— Exercise details —
Output each entry exactly as written.

— Supplied data —

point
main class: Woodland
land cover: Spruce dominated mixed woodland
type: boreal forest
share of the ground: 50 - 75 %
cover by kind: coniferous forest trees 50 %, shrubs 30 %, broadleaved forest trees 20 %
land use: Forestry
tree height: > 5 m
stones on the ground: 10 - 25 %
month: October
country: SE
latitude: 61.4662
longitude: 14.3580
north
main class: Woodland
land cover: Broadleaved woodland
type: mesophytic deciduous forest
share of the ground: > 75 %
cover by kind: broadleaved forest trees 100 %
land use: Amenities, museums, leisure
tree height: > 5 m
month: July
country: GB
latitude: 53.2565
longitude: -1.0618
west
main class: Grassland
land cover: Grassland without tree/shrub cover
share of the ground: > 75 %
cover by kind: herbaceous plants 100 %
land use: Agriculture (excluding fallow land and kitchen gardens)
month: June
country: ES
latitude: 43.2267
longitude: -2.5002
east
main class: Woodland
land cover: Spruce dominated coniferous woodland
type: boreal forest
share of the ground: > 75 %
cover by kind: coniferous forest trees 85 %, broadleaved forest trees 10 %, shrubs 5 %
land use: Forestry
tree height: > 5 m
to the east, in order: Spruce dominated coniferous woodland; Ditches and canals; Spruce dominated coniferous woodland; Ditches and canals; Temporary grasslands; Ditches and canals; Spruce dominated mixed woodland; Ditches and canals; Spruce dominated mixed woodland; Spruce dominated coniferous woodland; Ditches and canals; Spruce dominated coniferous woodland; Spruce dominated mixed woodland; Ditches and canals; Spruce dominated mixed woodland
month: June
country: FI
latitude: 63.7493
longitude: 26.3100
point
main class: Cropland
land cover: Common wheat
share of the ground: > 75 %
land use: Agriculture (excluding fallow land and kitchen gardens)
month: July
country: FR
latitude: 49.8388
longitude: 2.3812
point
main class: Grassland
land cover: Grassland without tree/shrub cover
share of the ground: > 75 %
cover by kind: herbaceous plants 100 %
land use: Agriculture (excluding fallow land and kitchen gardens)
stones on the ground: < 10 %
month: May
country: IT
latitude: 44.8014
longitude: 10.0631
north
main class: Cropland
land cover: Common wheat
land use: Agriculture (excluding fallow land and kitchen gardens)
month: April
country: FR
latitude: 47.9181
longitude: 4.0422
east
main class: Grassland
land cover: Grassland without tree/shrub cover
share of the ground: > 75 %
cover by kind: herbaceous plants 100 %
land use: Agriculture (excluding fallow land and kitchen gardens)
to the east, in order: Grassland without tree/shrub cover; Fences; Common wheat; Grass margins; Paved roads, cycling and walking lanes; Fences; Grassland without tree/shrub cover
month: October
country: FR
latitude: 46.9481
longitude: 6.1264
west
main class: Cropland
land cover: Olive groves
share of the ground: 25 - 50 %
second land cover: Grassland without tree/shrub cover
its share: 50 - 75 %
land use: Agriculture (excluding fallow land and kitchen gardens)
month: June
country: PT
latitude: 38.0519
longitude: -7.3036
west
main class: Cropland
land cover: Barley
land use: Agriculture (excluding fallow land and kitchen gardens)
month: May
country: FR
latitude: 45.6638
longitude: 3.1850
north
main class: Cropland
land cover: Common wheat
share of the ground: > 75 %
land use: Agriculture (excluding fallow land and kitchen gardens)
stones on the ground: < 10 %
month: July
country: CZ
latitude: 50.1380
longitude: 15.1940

— Result of this task —
point
main class: Woodland
land cover: Spruce dominated mixed woodland
type: boreal forest
share of the ground: 50 - 75 %
cover by kind: coniferous forest trees 50 %, shrubs 30 %, broadleaved forest trees 20 %
land use: Forestry
tree height: > 5 m
stones on the ground: 10 - 25 %
month: October
country: SE
latitude: 61.4662
longitude: 14.3580
north
main class: Woodland
land cover: Broadleaved woodland
type: mesophytic deciduous forest
share of the ground: > 75 %
cover by kind: broadleaved forest trees 100 %
land use: Amenities, museums, leisure
tree height: > 5 m
month: July
country: GB
latitude: 53.2565
longitude: -1.0618
west
main class: Grassland
land cover: Grassland without tree/shrub cover
share of the ground: > 75 %
cover by kind: herbaceous plants 100 %
land use: Agriculture (excluding fallow land and kitchen gardens)
month: June
country: ES
latitude: 43.2267
longitude: -2.5002
east
main class: Woodland
land cover: Spruce dominated coniferous woodland
type: boreal forest
share of the ground: > 75 %
cover by kind: coniferous forest trees 85 %, broadleaved forest trees 10 %, shrubs 5 %
land use: Forestry
tree height: > 5 m
to the east, in order: Spruce dominated coniferous woodland; Ditches and canals; Spruce dominated coniferous woodland; Ditches and canals; Temporary grasslands; Ditches and canals; Spruce dominated mixed woodland; Ditches and canals; Spruce dominated mixed woodland; Spruce dominated coniferous woodland; Ditches and canals; Spruce dominated coniferous woodland; Spruce dominated mixed woodland; Ditches and canals; Spruce dominated mixed woodland
month: June
country: FI
latitude: 63.7493
longitude: 26.3100
point
main class: Cropland
land cover: Common wheat
share of the ground: > 75 %
land use: Agriculture (excluding fallow land and kitchen gardens)
month: July
country: FR
latitude: 49.8388
longitude: 2.3812
point
main class: Grassland
land cover: Grassland without tree/shrub cover
share of the ground: > 75 %
cover by kind: herbaceous plants 100 %
land use: Agriculture (excluding fallow land and kitchen gardens)
stones on the ground: < 10 %
month: May
country: IT
latitude: 44.8014
longitude: 10.0631
north
main class: Cropland
land cover: Common wheat
land use: Agriculture (excluding fallow land and kitchen gardens)
month: April
country: FR
latitude: 47.9181
longitude: 4.0422
east
main class: Grassland
land cover: Grassland without tree/shrub cover
share of the ground: > 75 %
cover by kind: herbaceous plants 100 %
land use: Agriculture (excluding fallow land and kitchen gardens)
to the east, in order: Grassland without tree/shrub cover; Fences; Common wheat; Grass margins; Paved roads, cycling and walking lanes; Fences; Grassland without tree/shrub cover
month: October
country: FR
latitude: 46.9481
longitude: 6.1264
west
main class: Cropland
land cover: Olive groves
share of the ground: 25 - 50 %
second land cover: Grassland without tree/shrub cover
its share: 50 - 75 %
land use: Agriculture (excluding fallow land and kitchen gardens)
month: June
country: PT
latitude: 38.0519
longitude: -7.3036
west
main class: Cropland
land cover: Barley
land use: Agriculture (excluding fallow land and kitchen gardens)
month: May
country: FR
latitude: 45.6638
longitude: 3.1850
north
main class: Cropland
land cover: Common wheat
share of the ground: > 75 %
land use: Agriculture (excluding fallow land and kitchen gardens)
stones on the ground: < 10 %
month: July
country: CZ
latitude: 50.1380
longitude: 15.1940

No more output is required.